— TASK INSTRUCTIONS —
Output all entries exactly; images excluded.

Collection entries

════════════════

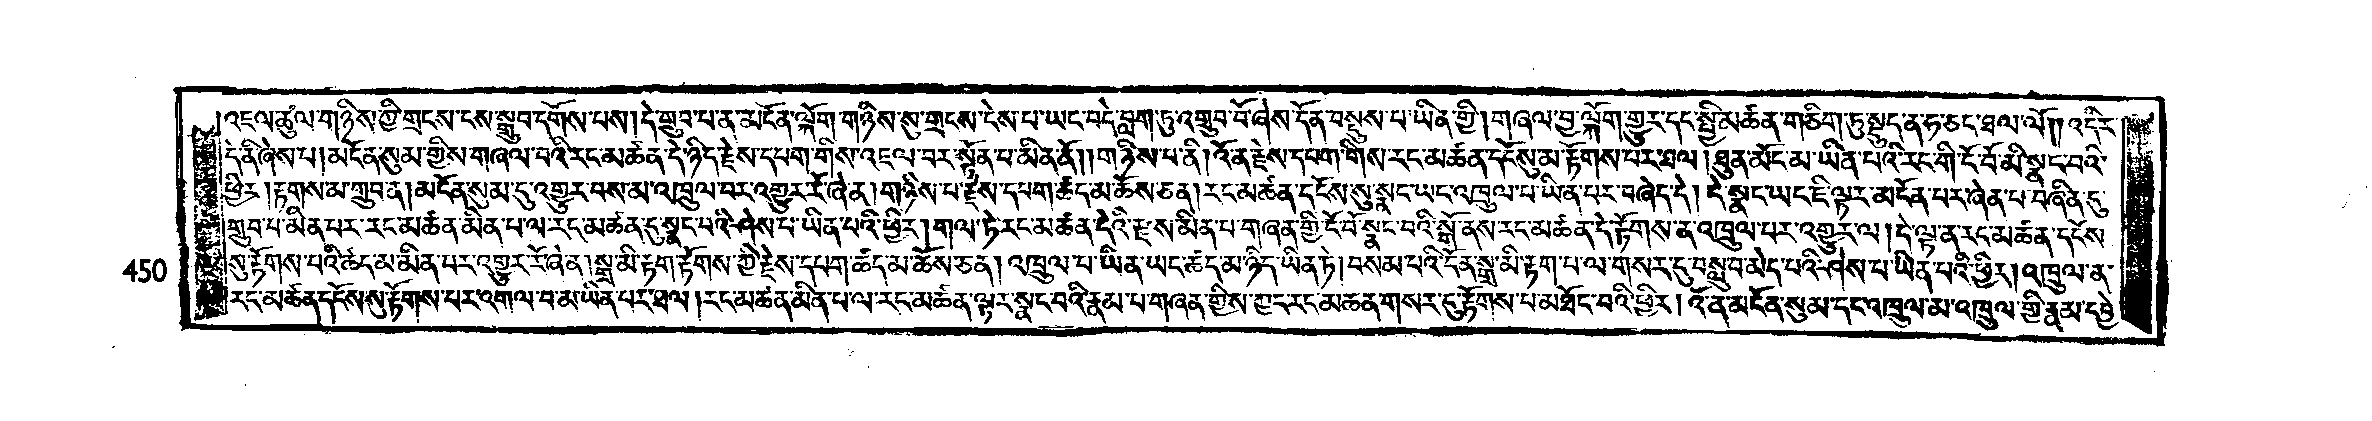འཇལ་ཚུལ་གཉིས་ཀྱི་གྲངས་ངེས་སྒྲུབ་དགོས་པས། དེ་གྲུབ་པ་ན་མངོན་ལྐོག་གཉིས་སུ་གྲངས་ངེས་པ་ཡང་བདེ་བླག་ཏུ་འགྲུབ་བོ་ཞེས་དོན་བསྡུས་པ་ཡིན་གྱི། གཞལ་བྱ་ལྐོག་གྱུར་དང་སྤྱི་མཚན་གཅིག་ཏུ་སྡུད་ན་ཧ་ཅང་ཐལ་ལོ། །འདིར་
དེ་ནི་ཞེས་པ། མངོན་སུམ་གྱིས་གཞལ་བའི་རང་མཚན་དེ་ཉིད་རྗེས་དཔག་གིས་འཇལ་བར་སྟོན་པ་མིན་ནོ། །གཉིས་པ་ནི། འོ་ན་རྗེས་དཔག་གིས་རང་མཚན་དངོས་སུ་མ་རྟོགས་པར་ཐལ། ཐུན་མོང་མ་ཡིན་པའི་རང་གི་ངོ་བོ་མི་སྣང་བའི་
ཕྱིར། རྟགས་མ་གྲུབ་ན། མངོན་སུམ་དུ་འགྱུར་བས་མ་འཁྲུལ་བར་འགྱུར་རོ་ཞེ་ན། གཉིས་པ་རྗེས་དཔག་ཚད་མ་ཆོས་ཅན། རང་མཚན་དངོས་སུ་སྣང་ཡང་འཁྲུལ་པ་ཡིན་པར་བཞེད་དེ། དེ་སྣང་ཡང་ཇི་ལྟར་མངོན་པར་ཞེན་པ་བཞིན་དུ་
གྲུབ་པ་མིན་པར་རང་མཚན་མིན་པ་ལ་རང་མཚན་དུ་སྣང་བའི་ཤེས་པ་ཡིན་པའི་ཕྱིར། གལ་ཏེ་རང་མཚན་དེའི་རྫས་མིན་པ་གཞན་གྱི་ངོ་བོ་སྣང་བའི་སྒོ་ནས་རང་མཚན་དེ་རྟོགས་ན་འཁྲུལ་པར་འགྱུར་ལ། དེ་ལྟ་ན་རང་མཚན་དངོས་
སུ་རྟོགས་པའི་ཚད་མ་མིན་པར་འགྱུར་རོ་ཞེ་ན། སྒྲ་མི་རྟག་རྟོགས་ཀྱི་རྗེས་དཔག་ཚད་མ་ཆོས་ཅན། འཁྲུལ་པ་ཡིན་ཡང་ཚད་མ་ཉིད་ཡིན་ཏེ། བསམ་པའི་དོན་སྒྲ་མི་རྟག་པ་ལ་གསར་དུ་བསླུ་བ་མེད་པའི་ཤེས་པ་ཡིན་པའི་ཕྱིར། འཁྲུལ་ན་
རང་མཚན་དངོས་སུ་རྟོགས་པར་འགལ་བ་མ་ཡིན་པར་ཐལ། རང་མཚན་མིན་པ་ལ་རང་མཚན་ལྟར་སྣང་བའི་རྣམ་པ་གཞན་གྱིས་ཀྱང་རང་མཚན་གསར་དུ་རྟོགས་པ་མཐོང་བའི་ཕྱིར། འོ་ན་མངོན་སུམ་དང་འཁྲུལ་མ་འཁྲུལ་གྱི་རྣམ་དབྱེ་
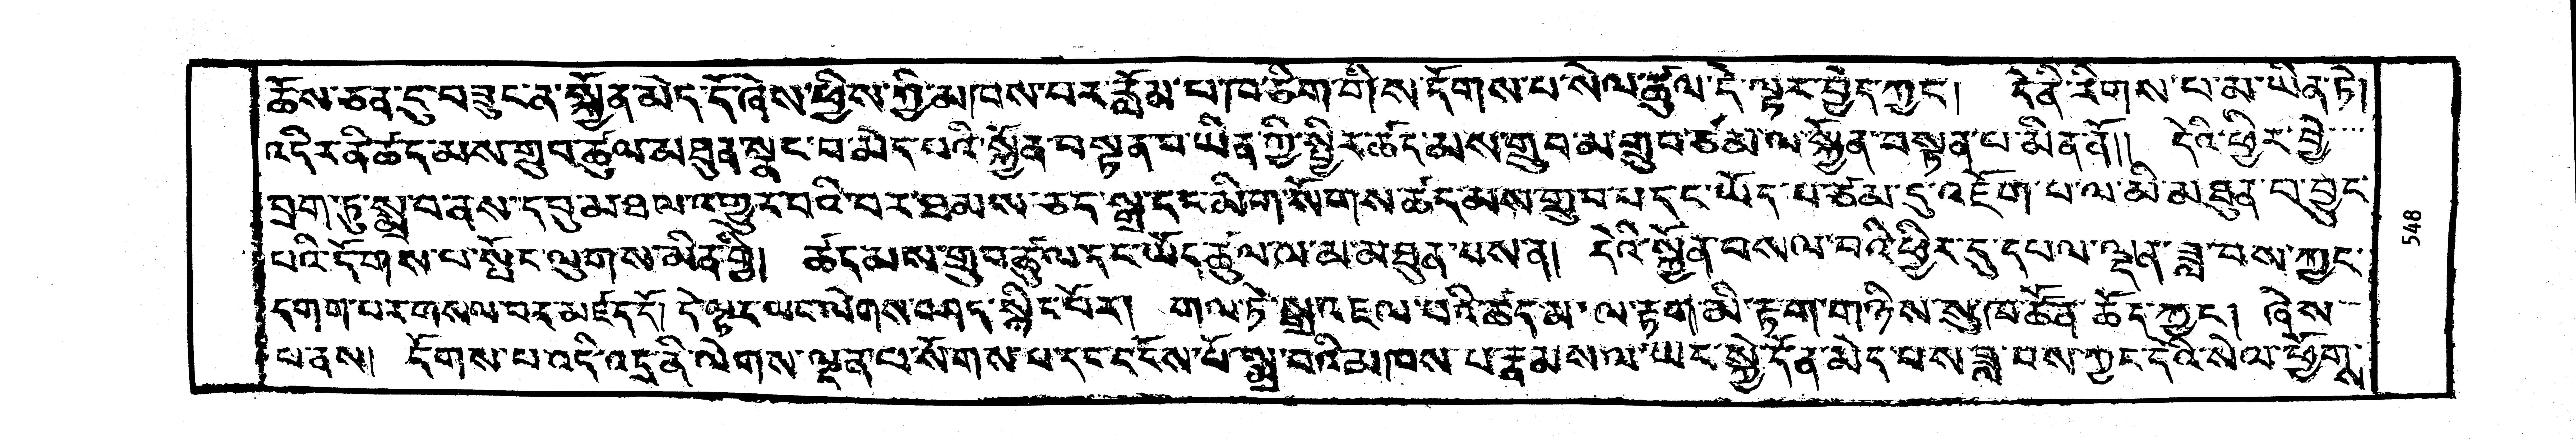ཆོས་ཅན་དུ་བཟུང་ན་སྐྱོན་མེད་དོ་ཞེས་ཕྱིས་ཀྱི་མཁས་པར་རློམ་པ་ཁ་ཅིག་གིས་དོགས་པ་སེལ་ཚུལ་དེ་ལྟར་བྱེད་ཀྱང་། དེ་ནི་རིགས་པ་མ་ཡིན་ཏེ།
འདིར་ནི་ཚད་མས་གྲུབ་ཚུལ་མཐུན་སྣང་བ་མེད་པའི་སྐྱོན་བསྟན་པ་ཡིན་གྱི་སྤྱིར་ཚད་མས་གྲུབ་མ་གྲུབ་ཙམ་ལ་སྐྱོན་བསྟན་པ་མིན་ནོ། །དེའི་ཕྱིར་བྱེ་
བྲག་ཏུ་སྨྲ་བ་ནས་དབུ་མ་ཐལ་འགྱུར་བའི་བར་ཐམས་ཅད་སྒྲ་དང་མིག་སོགས་ཚད་མས་སྒྲུབ་པ་དང་ཡོད་པ་ཙམ་དུ་འཇོག་པ་ལ་མི་མཐུན་པ་བྱུང་
པའི་དོགས་པ་སྤོང་ལུགས་མིན་གྱི། ཚད་མས་གྲུབ་ཚུལ་དང་ཡོད་ཚུལ་ལ་མ་མཐུན་པས་ན། དེའི་སྐྱོན་བསལ་བའི་ཕྱིར་དུ་དཔལ་ལྡན་ཟླ་བས་ཀྱང་
དགག་པར་གསལ་བར་མཛད་དོ། དེ་ལྟར་ཡང་ལེགས་བཤད་སྙིང་པོར། གལ་ཏེ་སྒྲ་འཇལ་བའི་ཚད་མ་ལ་རྟག་མི་རྟག་གཉིས་སུ་ཁ་ཚོན་ཆོད་ཀྱང་། ཞེས་
པ་ནས། དོགས་པ་འདི་འདྲ་ནི་ལེགས་ལྡན་པ་སོགས་པ་དང་དངོས་པོ་སྨྲ་བའི་མཁས་པ་རྣམས་ལ་ཡང་སྐྱེ་དོན་མེད་པས་ཟླ་བས་ཀྱང་དེའི་སེལ་ཕྱོགས་

════════════════

— WRITTEN REPLY —
འཇལ་ཚུལ་གཉིས་ཀྱི་གྲངས་ངེས་སྒྲུབ་དགོས་པས། དེ་གྲུབ་པ་ན་མངོན་ལྐོག་གཉིས་སུ་གྲངས་ངེས་པ་ཡང་བདེ་བླག་ཏུ་འགྲུབ་བོ་ཞེས་དོན་བསྡུས་པ་ཡིན་གྱི། གཞལ་བྱ་ལྐོག་གྱུར་དང་སྤྱི་མཚན་གཅིག་ཏུ་སྡུད་ན་ཧ་ཅང་ཐལ་ལོ། །འདིར་
དེ་ནི་ཞེས་པ། མངོན་སུམ་གྱིས་གཞལ་བའི་རང་མཚན་དེ་ཉིད་རྗེས་དཔག་གིས་འཇལ་བར་སྟོན་པ་མིན་ནོ། །གཉིས་པ་ནི། འོ་ན་རྗེས་དཔག་གིས་རང་མཚན་དངོས་སུ་མ་རྟོགས་པར་ཐལ། ཐུན་མོང་མ་ཡིན་པའི་རང་གི་ངོ་བོ་མི་སྣང་བའི་
ཕྱིར། རྟགས་མ་གྲུབ་ན། མངོན་སུམ་དུ་འགྱུར་བས་མ་འཁྲུལ་བར་འགྱུར་རོ་ཞེ་ན། གཉིས་པ་རྗེས་དཔག་ཚད་མ་ཆོས་ཅན། རང་མཚན་དངོས་སུ་སྣང་ཡང་འཁྲུལ་པ་ཡིན་པར་བཞེད་དེ། དེ་སྣང་ཡང་ཇི་ལྟར་མངོན་པར་ཞེན་པ་བཞིན་དུ་
གྲུབ་པ་མིན་པར་རང་མཚན་མིན་པ་ལ་རང་མཚན་དུ་སྣང་བའི་ཤེས་པ་ཡིན་པའི་ཕྱིར། གལ་ཏེ་རང་མཚན་དེའི་རྫས་མིན་པ་གཞན་གྱི་ངོ་བོ་སྣང་བའི་སྒོ་ནས་རང་མཚན་དེ་རྟོགས་ན་འཁྲུལ་པར་འགྱུར་ལ། དེ་ལྟ་ན་རང་མཚན་དངོས་
སུ་རྟོགས་པའི་ཚད་མ་མིན་པར་འགྱུར་རོ་ཞེ་ན། སྒྲ་མི་རྟག་རྟོགས་ཀྱི་རྗེས་དཔག་ཚད་མ་ཆོས་ཅན། འཁྲུལ་པ་ཡིན་ཡང་ཚད་མ་ཉིད་ཡིན་ཏེ། བསམ་པའི་དོན་སྒྲ་མི་རྟག་པ་ལ་གསར་དུ་བསླུ་བ་མེད་པའི་ཤེས་པ་ཡིན་པའི་ཕྱིར། འཁྲུལ་ན་
རང་མཚན་དངོས་སུ་རྟོགས་པར་འགལ་བ་མ་ཡིན་པར་ཐལ། རང་མཚན་མིན་པ་ལ་རང་མཚན་ལྟར་སྣང་བའི་རྣམ་པ་གཞན་གྱིས་ཀྱང་རང་མཚན་གསར་དུ་རྟོགས་པ་མཐོང་བའི་ཕྱིར། འོ་ན་མངོན་སུམ་དང་འཁྲུལ་མ་འཁྲུལ་གྱི་རྣམ་དབྱེ་
ཆོས་ཅན་དུ་བཟུང་ན་སྐྱོན་མེད་དོ་ཞེས་ཕྱིས་ཀྱི་མཁས་པར་རློམ་པ་ཁ་ཅིག་གིས་དོགས་པ་སེལ་ཚུལ་དེ་ལྟར་བྱེད་ཀྱང་། དེ་ནི་རིགས་པ་མ་ཡིན་ཏེ།
འདིར་ནི་ཚད་མས་གྲུབ་ཚུལ་མཐུན་སྣང་བ་མེད་པའི་སྐྱོན་བསྟན་པ་ཡིན་གྱི་སྤྱིར་ཚད་མས་གྲུབ་མ་གྲུབ་ཙམ་ལ་སྐྱོན་བསྟན་པ་མིན་ནོ། །དེའི་ཕྱིར་བྱེ་
བྲག་ཏུ་སྨྲ་བ་ནས་དབུ་མ་ཐལ་འགྱུར་བའི་བར་ཐམས་ཅད་སྒྲ་དང་མིག་སོགས་ཚད་མས་སྒྲུབ་པ་དང་ཡོད་པ་ཙམ་དུ་འཇོག་པ་ལ་མི་མཐུན་པ་བྱུང་
པའི་དོགས་པ་སྤོང་ལུགས་མིན་གྱི། ཚད་མས་གྲུབ་ཚུལ་དང་ཡོད་ཚུལ་ལ་མ་མཐུན་པས་ན། དེའི་སྐྱོན་བསལ་བའི་ཕྱིར་དུ་དཔལ་ལྡན་ཟླ་བས་ཀྱང་
དགག་པར་གསལ་བར་མཛད་དོ། དེ་ལྟར་ཡང་ལེགས་བཤད་སྙིང་པོར། གལ་ཏེ་སྒྲ་འཇལ་བའི་ཚད་མ་ལ་རྟག་མི་རྟག་གཉིས་སུ་ཁ་ཚོན་ཆོད་ཀྱང་། ཞེས་
པ་ནས། དོགས་པ་འདི་འདྲ་ནི་ལེགས་ལྡན་པ་སོགས་པ་དང་དངོས་པོ་སྨྲ་བའི་མཁས་པ་རྣམས་ལ་ཡང་སྐྱེ་དོན་མེད་པས་ཟླ་བས་ཀྱང་དེའི་སེལ་ཕྱོགས་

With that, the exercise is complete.